Monday, March 14, 2016

High Chair

"Sita Kulatunga's fine story ' The High Chair ', which won first prize in the Short Story competition conducted in 1977 by the English Association of Sri Lanka, and was awarded SAARC Women's prize in 1999, has been translated into German by O.Froehling and into Japanese by Tadashi Noguchi.
It focuses on a Sinhalese village girl who has been able, despite her origins, to enter university. Prema is the daughter of a dhobi woman. A highly intelligent young woman, she is humiliatingly aware that she belongs to a cast that is considered inferior to most others according to the rules laid down by the hierarchical social system, which still flourishes, in 'democratic' Sri Lanka.
At home on her first university vacation, she has offered to deputize for her sick mother, wash a bundle of soiled clothes and household linen at the stream, and, the task completed, delivered a bundle of freshly washed and ironed laundry to the home of the Chairman of the Village Council. “Says Prof.Yasmine Goonaratne. ...Dreading an encounter with the Chairman's son Thilak Jayasuriya, her classmate at Peradeniya (though not in the village, where he had attended a superior school), Prema enters his home through the back door.

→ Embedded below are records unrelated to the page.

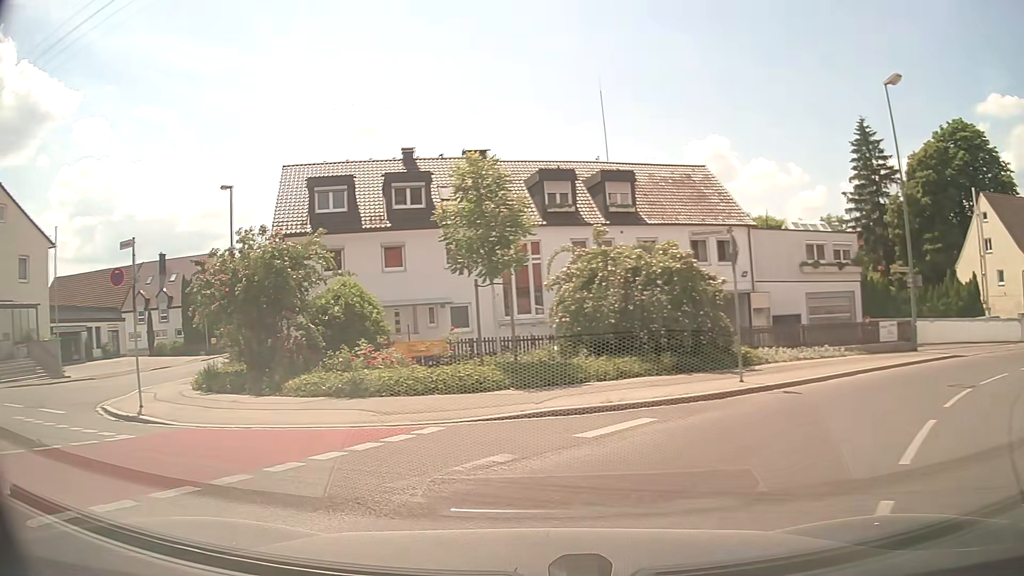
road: secondary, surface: asphalt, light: Day
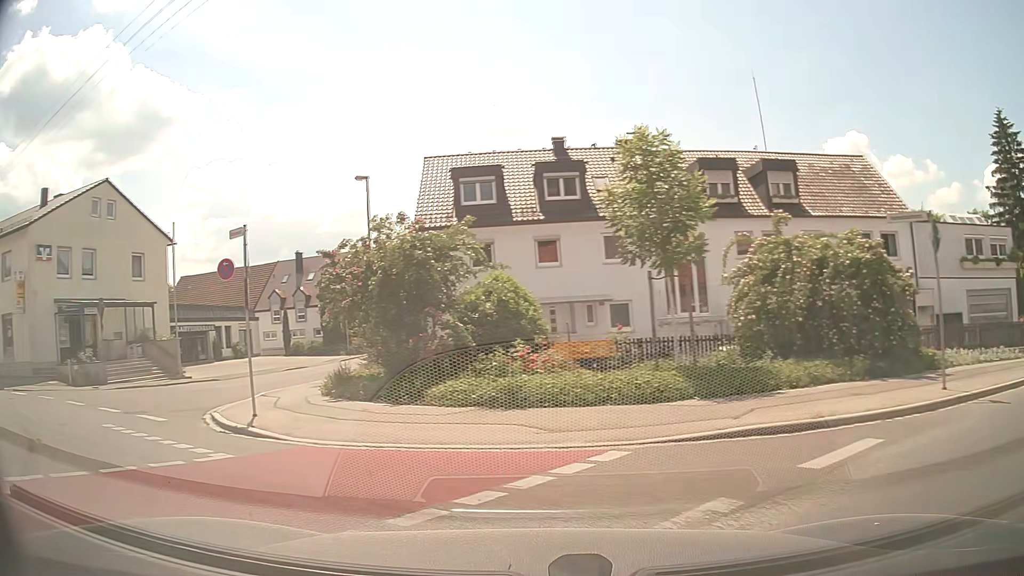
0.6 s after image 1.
(-0.3, +2.0) m; -14°
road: residential
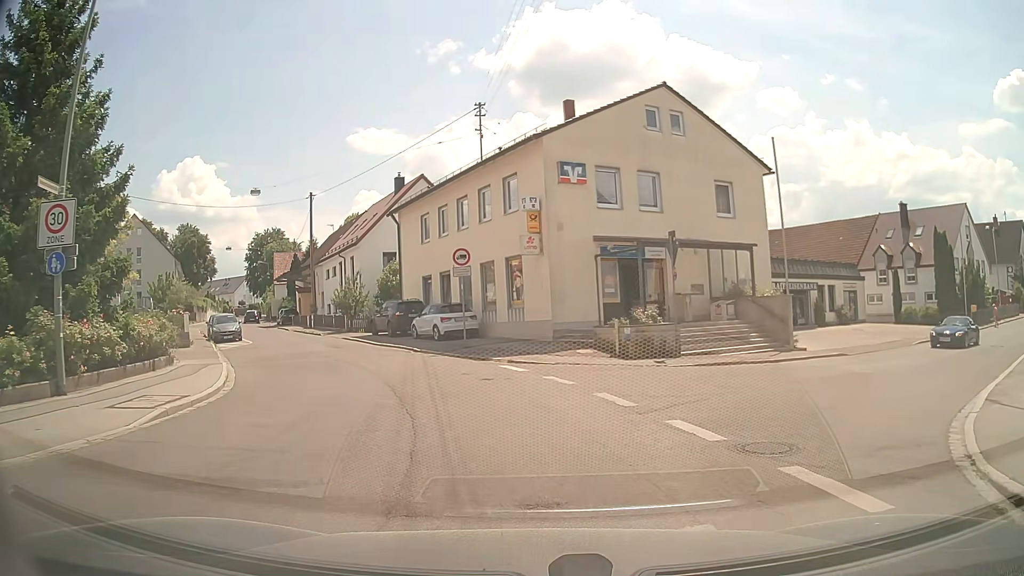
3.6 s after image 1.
(-4.9, +8.5) m; -50°
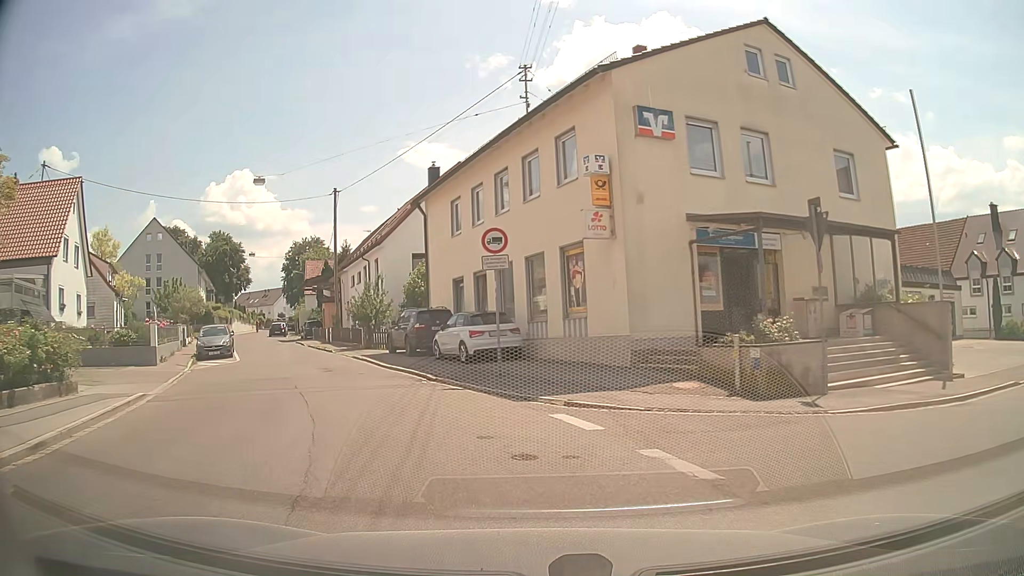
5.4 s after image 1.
(-0.1, +7.5) m; -4°
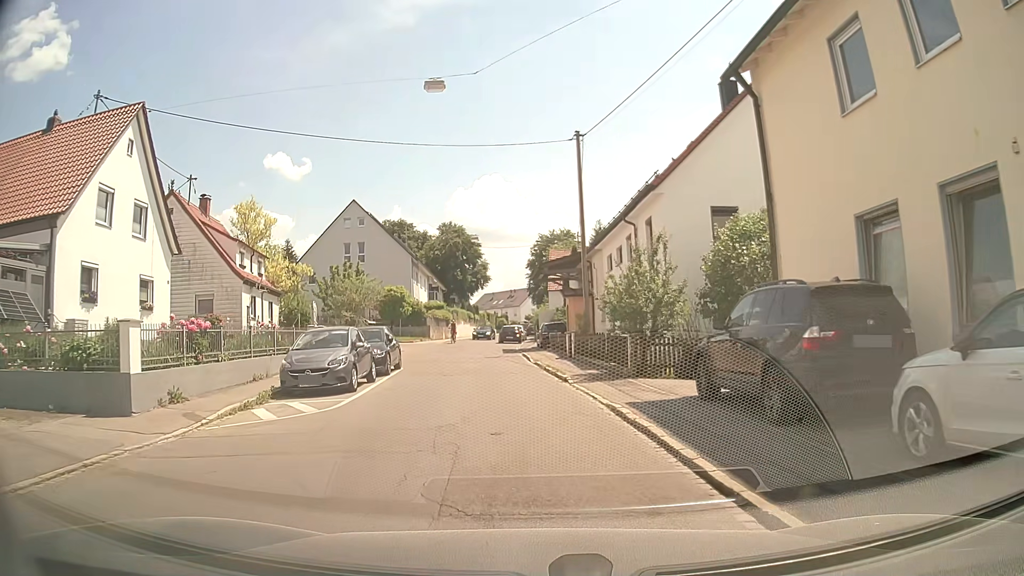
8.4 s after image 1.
(-3.5, +15.3) m; -23°
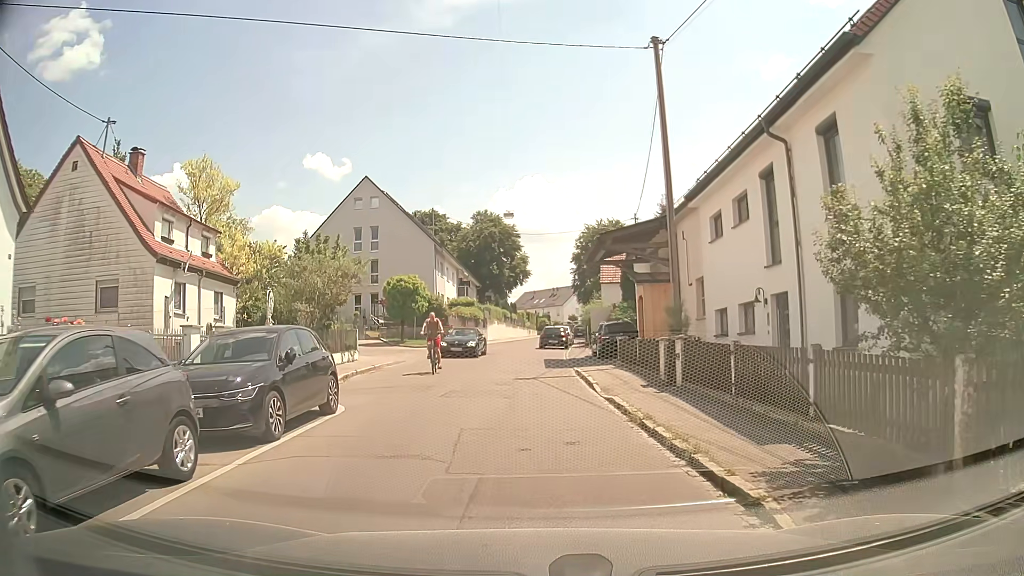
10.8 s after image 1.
(-0.3, +11.6) m; -1°
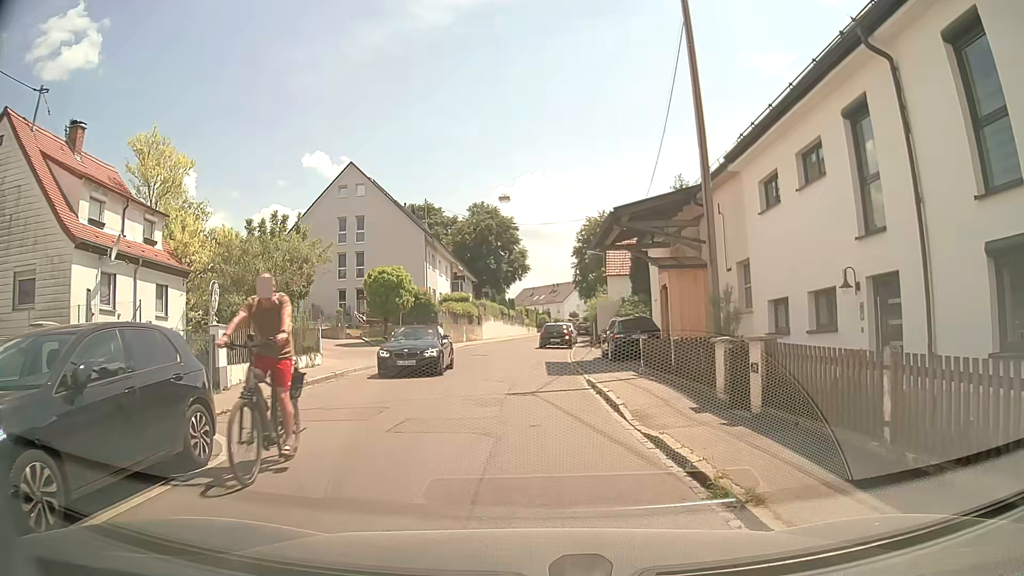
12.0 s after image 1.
(-0.1, +4.5) m; -2°
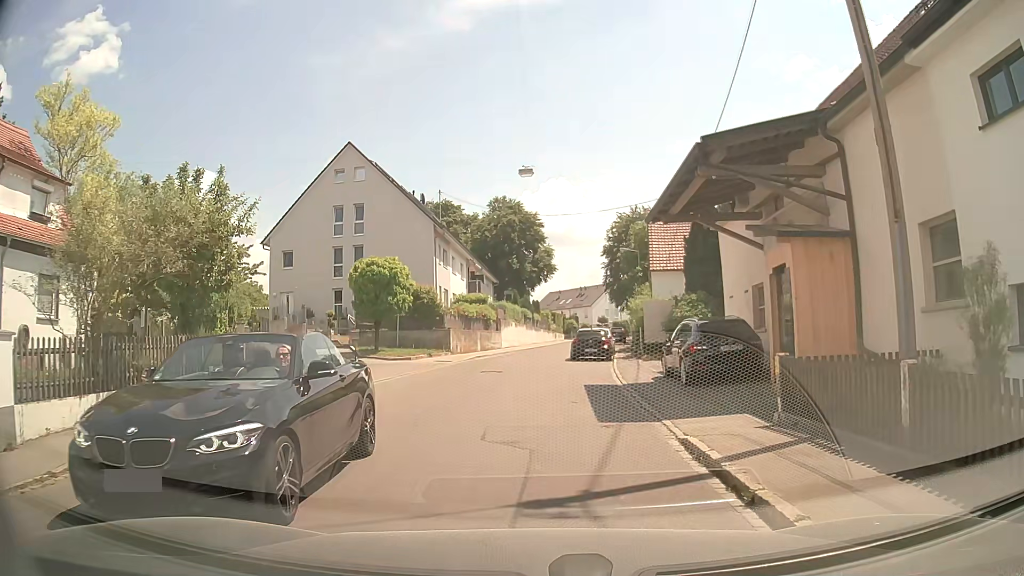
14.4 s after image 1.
(-0.1, +7.9) m; -2°
(0, +10) (0, +20) (0, +30) (+1, +40) (+3, +50) (+5, +60) (+7, +69) (+10, +79) (+13, +89) (+16, +98) m

Luncihami, a servant of the household ' who knew who is who, provides Prema with a small schoolroom chair to sit on when she calls with her bundle of laundry: for a dhobi's daughter, a high backed chair of the dining room at the Chairman's residence -chairs on which she and her kind are not permitted to sit -are out of bounds, representing a way of life that her birth has placed beyond her reach.